Es ist vollbracht
CSU und Freie Wähler zelebrieren ihren Koalitionsvertrag lange wie eine geheime Kommandosache. Horst Seehofer weiß das für sich zu nutzen und kündigt eine Erklärung an
München Bis kurz nach 16 Uhr ist der Koalitionsvertrag an diesem Sonntagnachmittag geheime Kommandosache. Die Freien Wähler haben sich in ein Hotel in München zurückgezogen. Die CSU tagt unter strengen Sicherheitsvorkehrungen in der Landesleitung. Doch dort beweist die Partei, die bei der Landtagswahl herbe Stimmenverluste hat hinnehmen müssen, ihren Sinn für Humor: Die frisch gedruckten Exemplare des Koalitionsvertrags werden um 15 Uhr auf einem Rollwagen durch die neugierig wartenden Journalisten geschoben – streng bewacht, versteht sich. Und weil auch sonst erst einmal niemand etwas sagt, gehört der erste Aufschlag an diesem Tag dem CSU-Vorsitzenden Horst Seehofer.
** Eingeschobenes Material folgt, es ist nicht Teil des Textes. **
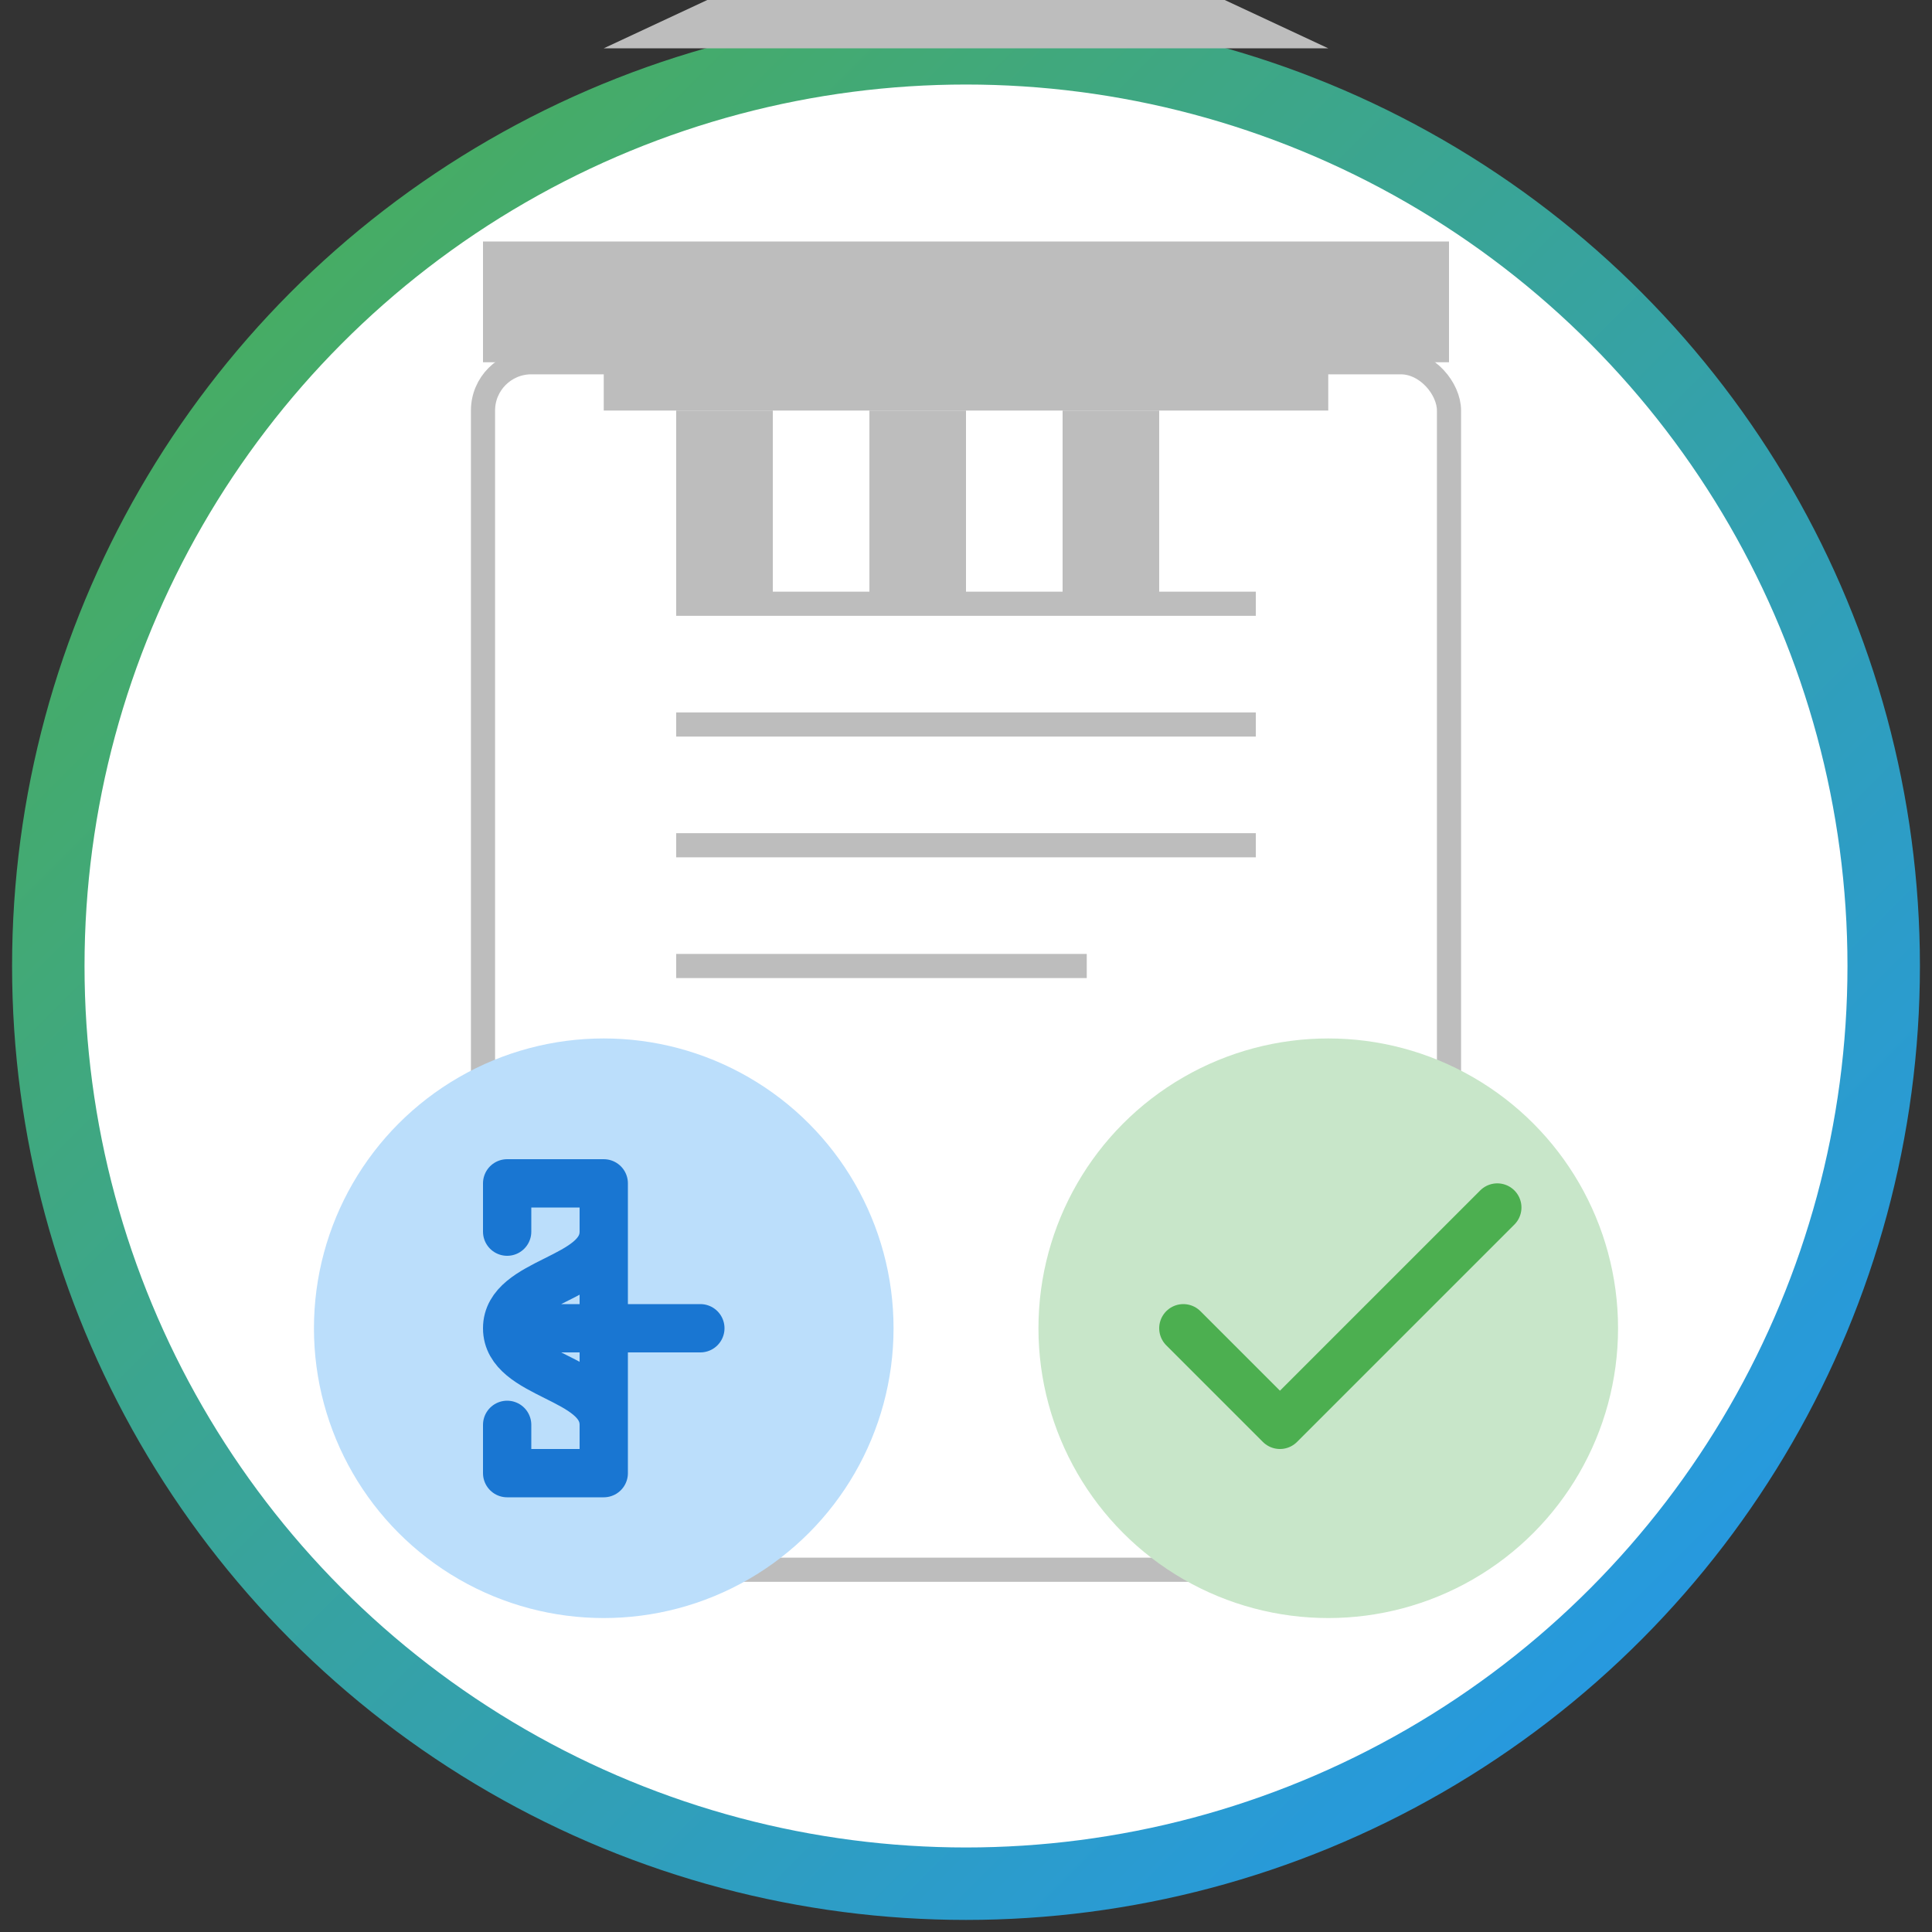 <svg xmlns="http://www.w3.org/2000/svg" width="80" height="80" viewBox="0 0 80 80">
  <rect x="0" y="0" width="80" height="80" fill="#333333" stroke="none"/>
  <defs>
    <linearGradient id="fundingGradient" x1="0%" y1="0%" x2="100%" y2="100%">
      <stop offset="0%" stop-color="#4CAF50" stop-opacity="1" />
      <stop offset="100%" stop-color="#2196F3" stop-opacity="1" />
    </linearGradient>
  </defs>
  
  <!-- Background Circle -->
  <circle cx="40" cy="40" r="38" fill="#FFFFFF" stroke="url(#fundingGradient)" stroke-width="3" />
  
  <!-- Document -->
  <rect x="20" y="15" width="40" height="50" rx="2" ry="2" fill="#FFFFFF" stroke="#BDBDBD" stroke-width="1" />
  
  <!-- Document Lines -->
  <line x1="28" y1="25" x2="52" y2="25" stroke="#BDBDBD" stroke-width="1" />
  <line x1="28" y1="30" x2="52" y2="30" stroke="#BDBDBD" stroke-width="1" />
  <line x1="28" y1="35" x2="52" y2="35" stroke="#BDBDBD" stroke-width="1" />
  <line x1="28" y1="40" x2="45" y2="40" stroke="#BDBDBD" stroke-width="1" />
  
  <!-- Checkmark -->
  <circle cx="55" cy="55" r="12" fill="#C8E6C9" />
  <path d="M49,55 L53,59 L62,50" stroke="#4CAF50" stroke-width="2" fill="none" stroke-linecap="round" stroke-linejoin="round" />
  
  <!-- Money Symbol -->
  <g transform="translate(25, 55)">
    <circle cx="0" cy="0" r="12" fill="#BBDEFB" />
    <path d="M0,-6 L0,6 M-4,0 L4,0 M-4,-4 L-4,-6 L0,-6 L0,-4 C0,-2 -4,-2 -4,0 C-4,2 0,2 0,4 L0,6 L-4,6 L-4,4" stroke="#1976D2" stroke-width="2" fill="none" stroke-linecap="round" stroke-linejoin="round" />
  </g>
  
  <!-- Government Building -->
  <g transform="translate(40, 10)">
    <rect x="-20" y="0" width="40" height="5" fill="#BDBDBD" />
    <polygon points="-15,-8 15,-8 0,-15" fill="#BDBDBD" />
    <rect x="-15" y="5" width="30" height="2" fill="#BDBDBD" />
    <rect x="-12" y="7" width="4" height="8" fill="#BDBDBD" />
    <rect x="-4" y="7" width="4" height="8" fill="#BDBDBD" />
    <rect x="4" y="7" width="4" height="8" fill="#BDBDBD" />
  </g>
</svg>

Der 69-Jährige nutzt den Moment für eine persönliche Erklärung. Erst komme die Bildung der Landesregierung in Bayern, dann die Wahl des Ministerpräsidenten, dann eine große Bundestagsdebatte zu gleichwertigen Lebensverhältnissen, dann fliege er nach Helsinki, wo Manfred Weber auf die Kür zum EVP-Spitzenkandidaten für die Europawahl hofft. Dann komme noch die Vereidigung des bayerischen Kabinetts – diese ist für den 12. November geplant. „Und in der Woche Sie dann von mir hören – nach der Vereidigung des Kabinetts.“Er wolle so wichtige Vorgänge nicht „mit anderen Dingen belasten“, sagt Seehofer. „Das gehört zum Anstand – Anstand ist der beste Wegbegleiter.“Auf die Frage, ob schon feststehe, welche Erklärung er abgeben werde, sagt Seehofer: „Weitestgehend.“Und er fügt noch hinzu: „Ich lese mit großem Vergnügen, wie andere bewerten, was ich weiß.“
Dann verschwindet auch er in den Sitzungssaal, in dem Parteivorstand und Landtagsfraktion beraten, was unter der Regie von Ministerpräsident Markus Söder (CSU) und Freie-Wähler-Chef Hubert Aiwanger in den vergangenen Tagen ausgehandelt wurde. Tröpfchenweise dringen die Informationen nach draußen: dass die Freien Wähler drei Minister und zwei Staatssekretäre stellen werden. Dass die Koalition deutlich mehr Geld für Familie und Kinderbetreuung ausgeben wird. Und dass sich ansonsten an den Grundlinien der Politik nicht so viel ändern werde in Bayern.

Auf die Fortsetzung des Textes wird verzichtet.